Why did you choose to restrict your analysis to exons and splice sites?
[It is] not permanently restricted; that’s just a pragmatic start because they constitute 1 percent of the genome, and they probably have about 90 percent of the causative alleles. And we feel the causative alleles are more important than linkage, they are easier to interpret. If you can get all the exons and splice junctions, you can bring the cost [of the project] down by another factor of 100. Which means that basically, the cost of doing these studies is about $1,000 per subject.
That scales up very nicely, in contrast to Jim Watson’s genome, where [454 has] estimated it was $1 million to do his genome [on a 454 sequencer]. That does not scale well. 100,000 genomes at $1 million each is $100 billion. 100,000 at $1,000 each is only $100 million. The individuals participating in the study could pay for it themselves, when it’s only about $1,000. It’s a huge difference. This is all about making a scalable project.
When are you planning to finish the first 10 individuals?
We hope to have some kind of report this summer, on the progress of the technology and preliminary results. The cell [lines] I believe will also be available in that timeframe. [The] Coriell [Institute for Medical Research] has established immortal cell lines for PGP subjects.

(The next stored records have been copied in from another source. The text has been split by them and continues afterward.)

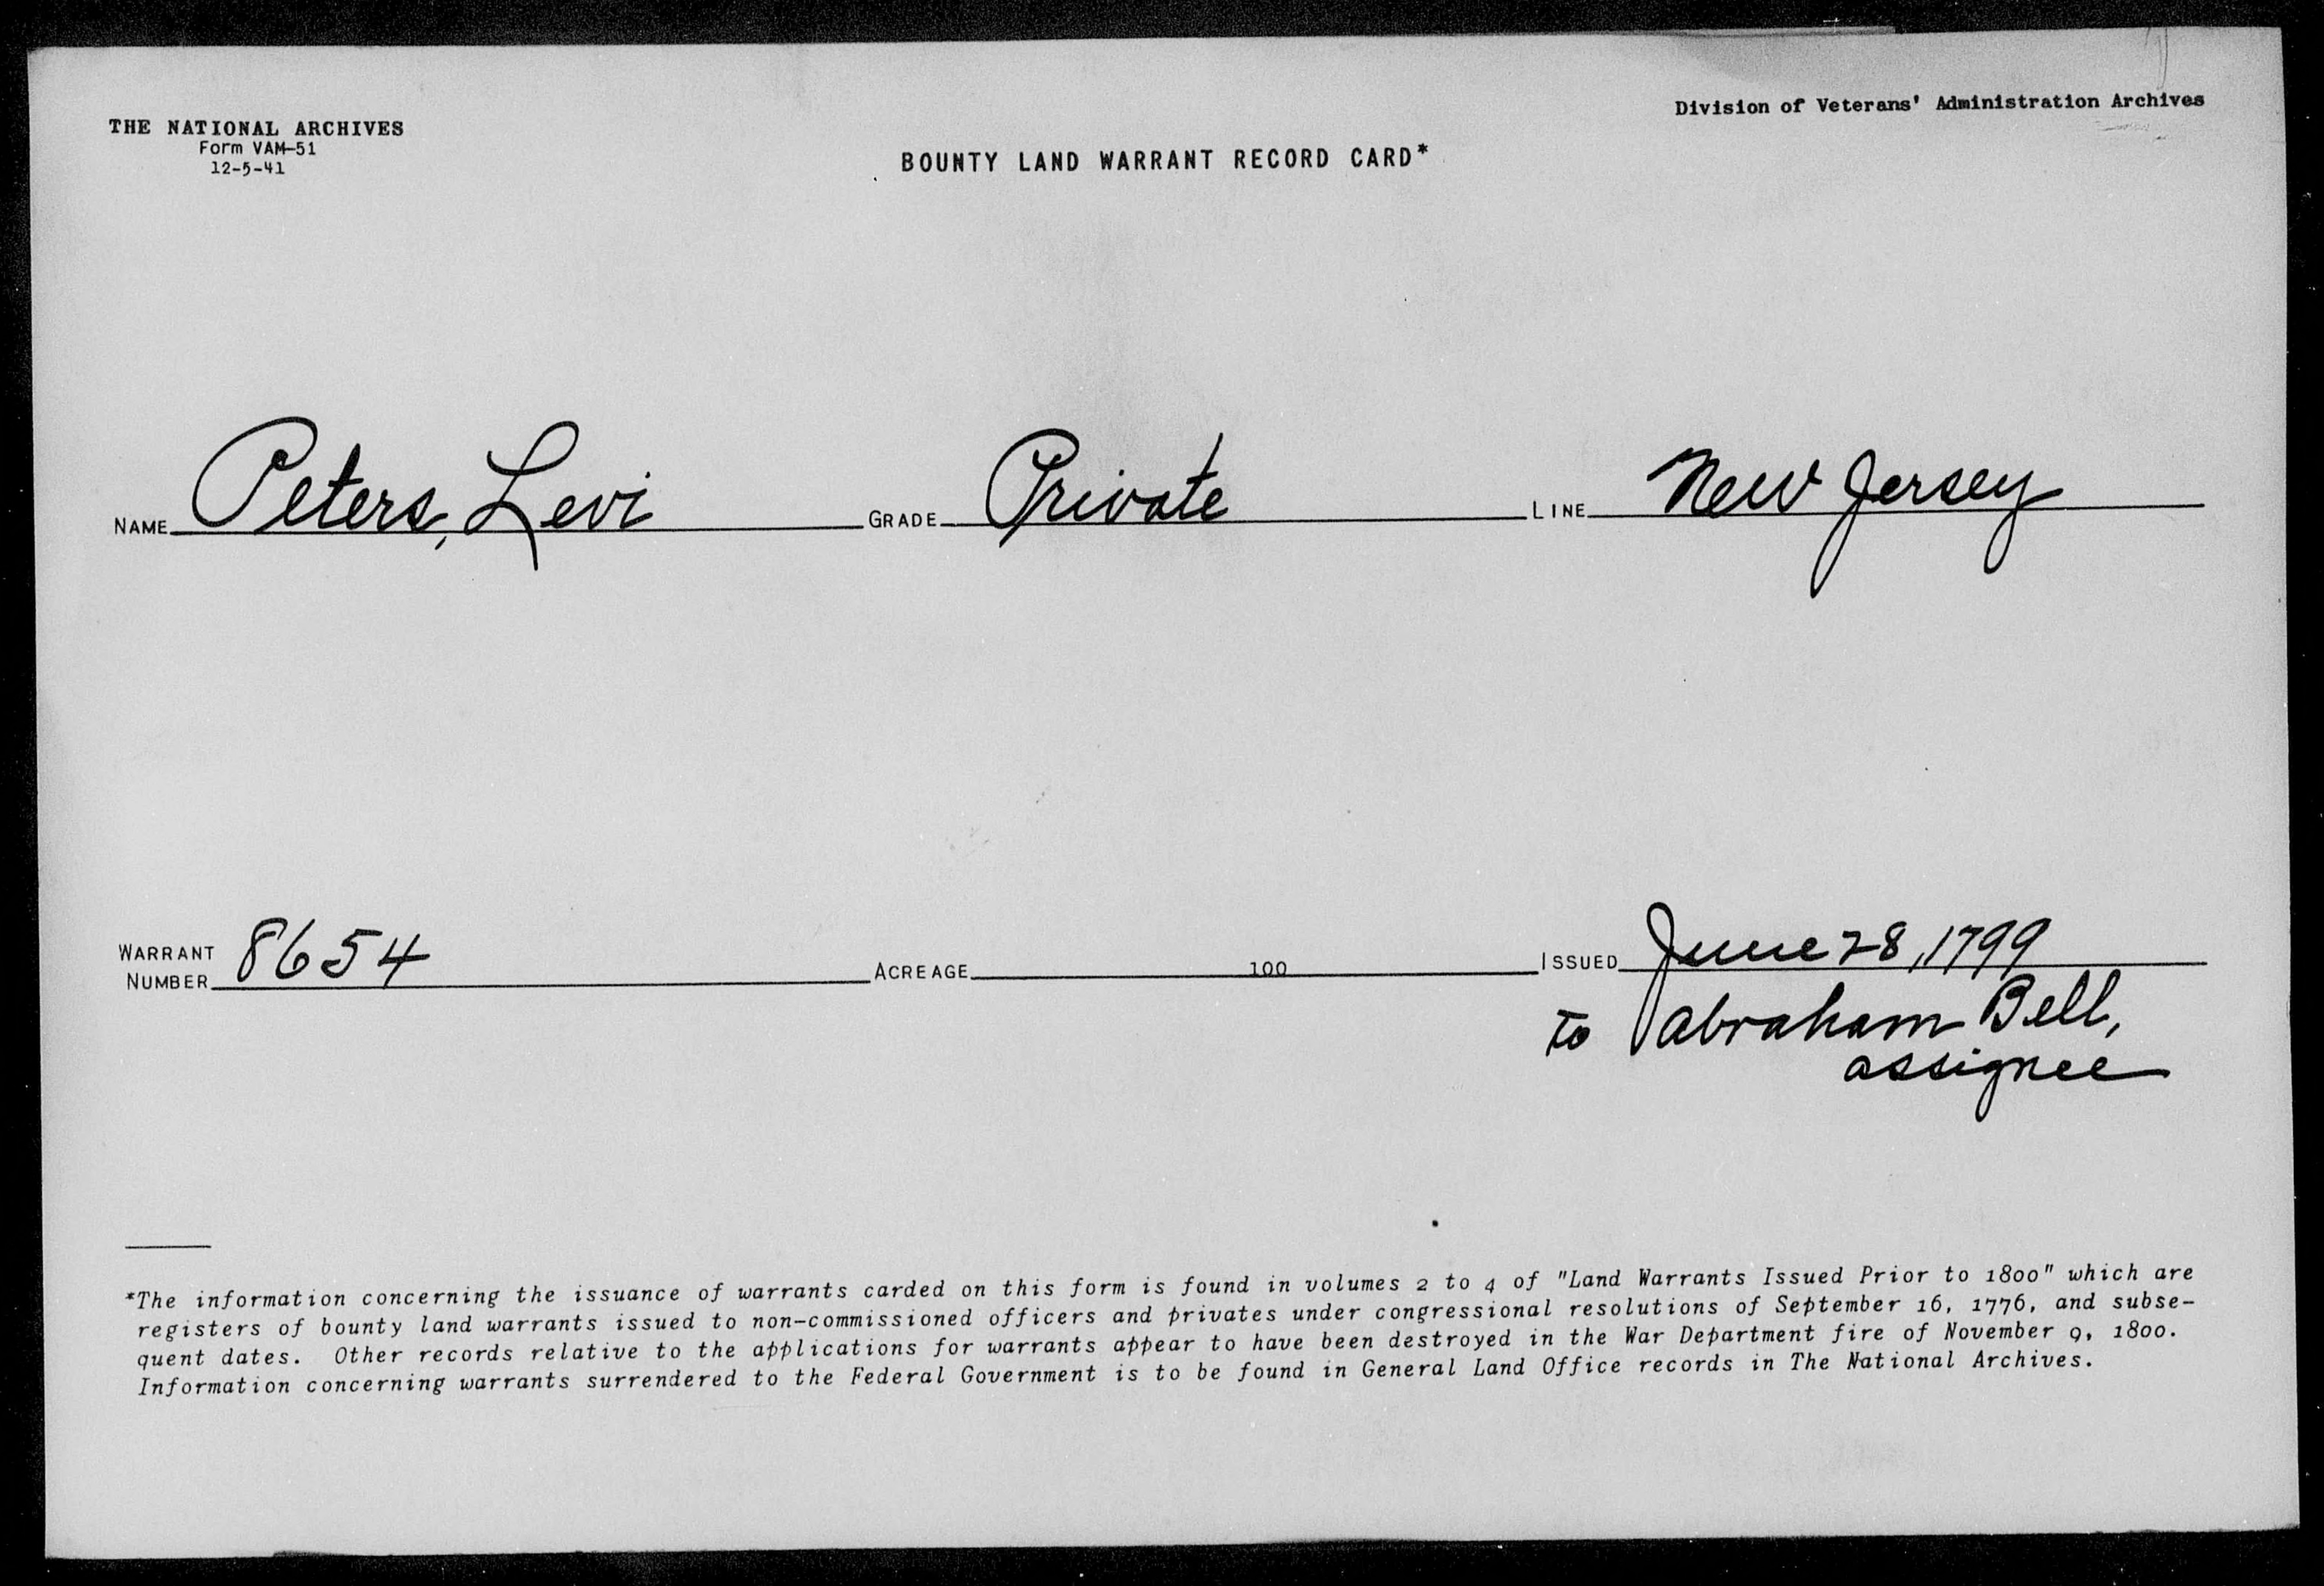THE NATIONAL ARCHIVES 
Form VAM-51 
12-5-41 
BOUNTY LAND WARRANT RECORD CARD* 
Division of Veterans' Administration Archives 
NAME   Peters, Levi    GRADE  Private    LINE   New Jersey
WARRANT NUMBER   8654    ACREAGE  100    ISSUED  June 28, 1799
To Abraham Bell, assignee
The information concerning the issuance of warrants carded on this form is found in volumes 2 to 4 of "Land Warrants Issued Prior to 1800" which are Information concerning warrants surrendered to the Federal Government is to be found in General Land Office records in The National Archives. registers of bounty land warrants issued to non-commissioned officers and privates under congressional resolutions of September 16, 1776, and subsequent dates. Other records relative to the applications for warrants appear to have been destroyed in the War Department fire of November 9, 1800.  Information concerning warrants surrendered to the Federal Government is to be found in General Land Office records in the National Archives.

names: Levi Peters; Abraham Bell
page: 73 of 73
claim: widow's
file: W. 2338, for Joseph P Peters, Connecticut

What aspects of the technology are you still developing, especially to reduce the cost of the project?
[For example,] we are trying to drop the volumes that we use and [as a result] the price of the enzymes and the chemicals [used]. And then the instrument is getting much faster as well.
Tell me briefly about your most important contributions to DNA sequencing.
I got interested because I was doing computer sequence analysis in the early 70s, and I realized that we needed a lot more sequences. At that time, it was possible to type in every sequence. So then I went to Wally Gilbert [at Harvard, whose group was] just starting to sequence, [and] they could read 30 bases or something. I helped […] sequence the first plasmid genome, which is pBR 322, and immediately started thinking about ways that we could scale that up, and about multiplexing. That eventually led to [a paper on] genomic sequencing [published] in 1984 [in PNAS] and [an article on] multiplex sequencing published [in Science] in 1988, and led to the first bacterial genome sequence sold commercially [by Genome Therapeutics], which was Helicobacter pylori in 1994, the year before the Haemophilus [influenzae] sequence [was published].
Many of the concepts that were in the 1984 and ‘88 papers are still present in the new polony [technology] … [and] are reflected in the current generation, the so-called next-generation sequencing.
How long will it take before we reach the $1,000 genome – and what technologies do you think will take us there? The current ones, or another generation?
I think the current ones will take us there. I don’t know exactly when. And I think the 100-percent genome is kind of a research fantasy rather than [something] practical. But I think that we will have the $1,000, 1-percent genome this year. I still think that people will want subsets of the genome. If you have a choice between doing 1,000 genomes at $3,000 each, and doing 100,000 genomes at $500 each, you are going to take the less expensive one.
Some people say you can already genotype the entire genome for $1,000. How much more information can we gain from generating sequence data?
Usually, people talking about genotyping, they are talking about chips, and doing 500,000 SNPs, but that’s 0.01-percent of the genome, and most of it not in coding regions, [which makes them] hard to interpret and dependent on linkage. For many reasons that linkage fails. I think most of us are now focused on causative alleles rather than linked alleles. And even if you get the linked allele, and even if the linkage turns out to be correct, you still have to hunt it down to the causative allele before you can go forward much. Our philosophy is to go straight to the causative ones and skip the linkage.